Interagency Venture Capital Advisory Board
“The U.S. government needs a permanent and continuing flow of information and insights and market research of what’s coming next,” Herman said.
The concept is similar to government tech accelerator In-Q-Tel and the Homeland Security Department’s Office of Venture, Innovation and Engagement, which works with industry, entrepreneurs, venture capital firms, accelerators, incubators, and universities to detangle the innovation process.
The new interagency Venture Capital Advisory Group is a team within the Emerging Citizen Technology Office, co-chaired by the DHS Innovation team. Launched last week, Herman said the advisory board will allow all federal agencies to be able to tap into, learn and gather insights from leading tech investors about what’s coming next.
Governmentwide Education and Training System
AI will affect and be affected by all levels of an organization, according to Herman. “We need senior leaders, we need program managers, we have people who would never consider themselves technologists, to be able to see themselves as literate in this, and stakeholders and stewards, even if they’re not the techie,” he said.
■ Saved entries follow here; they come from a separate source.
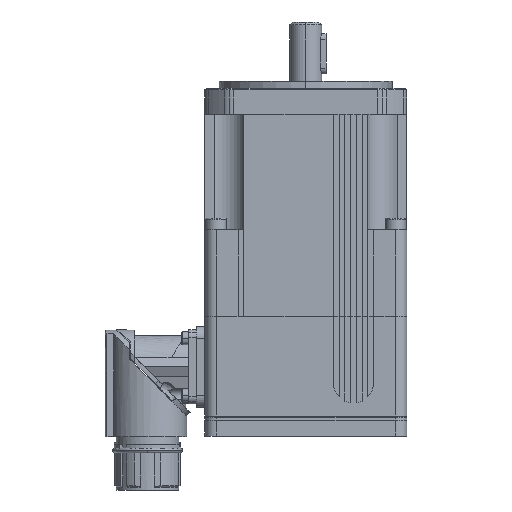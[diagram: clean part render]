
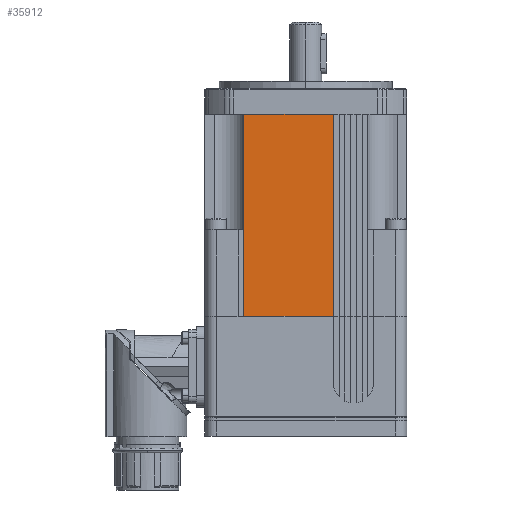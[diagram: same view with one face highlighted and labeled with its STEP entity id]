
A CAD part, left-side view. The second image highlights one B-rep face of the part: STEP entity #35912.
In plain terms, the highlighted planar face has unit normal (-1, 0, 0).
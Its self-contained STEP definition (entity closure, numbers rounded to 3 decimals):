
#26647=CARTESIAN_POINT('',(-35.,21.5,0.0));
#26648=VERTEX_POINT('',#26647);
#28086=CARTESIAN_POINT('',(-35.0,-9.5,0.0));
#28087=VERTEX_POINT('',#28086);
#28449=CARTESIAN_POINT('',(-35.,21.5,0.0));
#28450=DIRECTION('',(0.0,-1.0,0.0));
#28451=VECTOR('',#28450,31.);
#28452=LINE('',#28449,#28451);
#28453=EDGE_CURVE('',#26648,#28087,#28452,.T.);
#30877=CARTESIAN_POINT('',(-35.0,-9.5,70.0));
#30878=VERTEX_POINT('',#30877);
#31671=CARTESIAN_POINT('',(-35.,21.5,70.0));
#31672=VERTEX_POINT('',#31671);
#34032=CARTESIAN_POINT('',(-35.0,-9.5,70.0));
#34033=DIRECTION('',(0.0,1.0,0.0));
#34034=VECTOR('',#34033,31.);
#34035=LINE('',#34032,#34034);
#34036=EDGE_CURVE('',#30878,#31672,#34035,.T.);
#35364=CARTESIAN_POINT('',(-35.,21.5,0.0));
#35365=DIRECTION('',(0.0,0.0,1.0));
#35366=VECTOR('',#35365,70.0);
#35367=LINE('',#35364,#35366);
#35368=EDGE_CURVE('',#26648,#31672,#35367,.T.);
#35890=CARTESIAN_POINT('',(-35.0,-9.5,0.0));
#35891=DIRECTION('',(0.0,0.0,1.0));
#35892=VECTOR('',#35891,70.0);
#35893=LINE('',#35890,#35892);
#35894=EDGE_CURVE('',#28087,#30878,#35893,.T.);
#35901=CARTESIAN_POINT('',(-35.0,-9.5,0.0));
#35902=DIRECTION('',(-1.0,0.0,0.0));
#35903=DIRECTION('',(0.0,0.0,1.0));
#35904=AXIS2_PLACEMENT_3D('',#35901,#35902,#35903);
#35905=PLANE('',#35904);
#35906=ORIENTED_EDGE('',*,*,#34036,.T.);
#35907=ORIENTED_EDGE('',*,*,#35368,.F.);
#35908=ORIENTED_EDGE('',*,*,#28453,.T.);
#35909=ORIENTED_EDGE('',*,*,#35894,.T.);
#35910=EDGE_LOOP('',(#35906,#35907,#35908,#35909));
#35911=FACE_OUTER_BOUND('',#35910,.T.);
#35912=ADVANCED_FACE('',(#35911),#35905,.T.);

Through its DigitalGov University, GSA is piloting an in-depth governmentwide education and training system. It’ll bring in organizations like NVIDIA to provide hands-on training and education on emerging technologies, like machine learning and blockchain, or “anything that we see that we know that we’re lacking a capability in the government,” Herman said.
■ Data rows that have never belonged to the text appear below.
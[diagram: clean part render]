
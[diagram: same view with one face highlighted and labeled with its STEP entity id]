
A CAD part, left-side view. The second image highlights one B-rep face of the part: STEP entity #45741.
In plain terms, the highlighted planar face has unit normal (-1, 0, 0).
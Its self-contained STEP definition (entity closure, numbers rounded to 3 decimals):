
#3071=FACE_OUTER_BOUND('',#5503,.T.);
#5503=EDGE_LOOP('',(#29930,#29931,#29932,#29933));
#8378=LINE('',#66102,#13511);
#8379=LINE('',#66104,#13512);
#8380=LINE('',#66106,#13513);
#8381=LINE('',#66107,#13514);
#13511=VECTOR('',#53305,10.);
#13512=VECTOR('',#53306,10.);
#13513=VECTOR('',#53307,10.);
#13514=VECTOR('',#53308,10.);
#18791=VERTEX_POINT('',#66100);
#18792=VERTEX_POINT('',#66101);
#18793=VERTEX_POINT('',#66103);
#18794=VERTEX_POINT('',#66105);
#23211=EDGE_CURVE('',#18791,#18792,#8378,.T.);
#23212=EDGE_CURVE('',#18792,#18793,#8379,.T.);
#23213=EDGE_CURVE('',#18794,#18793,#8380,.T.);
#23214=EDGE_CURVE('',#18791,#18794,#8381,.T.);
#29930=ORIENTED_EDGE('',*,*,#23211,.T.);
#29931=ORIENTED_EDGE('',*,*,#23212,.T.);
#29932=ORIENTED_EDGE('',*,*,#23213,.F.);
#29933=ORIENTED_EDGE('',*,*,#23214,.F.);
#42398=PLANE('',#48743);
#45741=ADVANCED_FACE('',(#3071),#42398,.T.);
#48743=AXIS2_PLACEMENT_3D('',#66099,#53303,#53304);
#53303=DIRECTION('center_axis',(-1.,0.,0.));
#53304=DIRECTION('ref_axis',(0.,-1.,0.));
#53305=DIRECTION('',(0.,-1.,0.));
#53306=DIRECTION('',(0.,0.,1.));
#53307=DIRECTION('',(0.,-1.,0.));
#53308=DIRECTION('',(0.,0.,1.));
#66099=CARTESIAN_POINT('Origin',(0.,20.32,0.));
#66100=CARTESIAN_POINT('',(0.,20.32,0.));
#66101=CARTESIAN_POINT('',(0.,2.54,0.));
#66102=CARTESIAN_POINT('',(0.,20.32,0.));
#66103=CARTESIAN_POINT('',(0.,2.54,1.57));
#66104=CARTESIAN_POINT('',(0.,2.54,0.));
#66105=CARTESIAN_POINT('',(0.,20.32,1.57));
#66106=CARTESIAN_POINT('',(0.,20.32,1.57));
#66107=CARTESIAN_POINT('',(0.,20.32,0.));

The pilot will also allow GSA to work with the National Institute of Standards and Technology and other organizations for feedback.
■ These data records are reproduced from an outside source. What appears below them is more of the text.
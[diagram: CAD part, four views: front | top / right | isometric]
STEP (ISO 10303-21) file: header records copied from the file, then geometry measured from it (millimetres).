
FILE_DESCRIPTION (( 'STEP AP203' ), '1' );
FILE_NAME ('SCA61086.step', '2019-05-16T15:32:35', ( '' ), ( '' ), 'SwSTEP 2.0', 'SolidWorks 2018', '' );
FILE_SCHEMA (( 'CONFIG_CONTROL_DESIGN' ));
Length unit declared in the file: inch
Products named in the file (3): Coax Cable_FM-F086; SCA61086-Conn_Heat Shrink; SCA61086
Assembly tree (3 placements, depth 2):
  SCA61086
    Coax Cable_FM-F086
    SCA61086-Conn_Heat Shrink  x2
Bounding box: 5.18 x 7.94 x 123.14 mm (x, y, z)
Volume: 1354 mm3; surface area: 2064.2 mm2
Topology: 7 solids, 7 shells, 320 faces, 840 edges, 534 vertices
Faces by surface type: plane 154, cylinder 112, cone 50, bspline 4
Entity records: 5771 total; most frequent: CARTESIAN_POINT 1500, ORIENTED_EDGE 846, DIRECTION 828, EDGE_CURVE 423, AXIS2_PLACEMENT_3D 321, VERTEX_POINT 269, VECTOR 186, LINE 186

Academic Research Outreach Program
GSA is trying to bridge the gap between some of the greatest research facilities in the U.S. that want to work with and apply their knowledge of AI to public services, and the people in government who can help make that happen.
“It’s often limited by, ‘who do u have the email address of?’” Herman said.
An interagency federal-wide academic research outreach program will liaison with the best emerging technology research facilities in the nation. It’ll allow research facilities to join the conversation with government, so agencies can start discussing and articulating the questions they need answered.
“Also, when they’re doing their research, we can plug them into exactly who they should be talking to in the government, because often times they might not know who it is because the bureaucracy is so dense,” Herman added. Researchers might not even know relevant programs exist.
“We got to stop that. If we’re going to approach AI better, if we’re going to do these public-private partnerships, we have to find new ways of doing it,” Herman said, which needs to be a cross-industry effort.
To accelerate these initiatives, Herman said his team is starting full scale design and execution from within the Emerging Citizen Technology communities.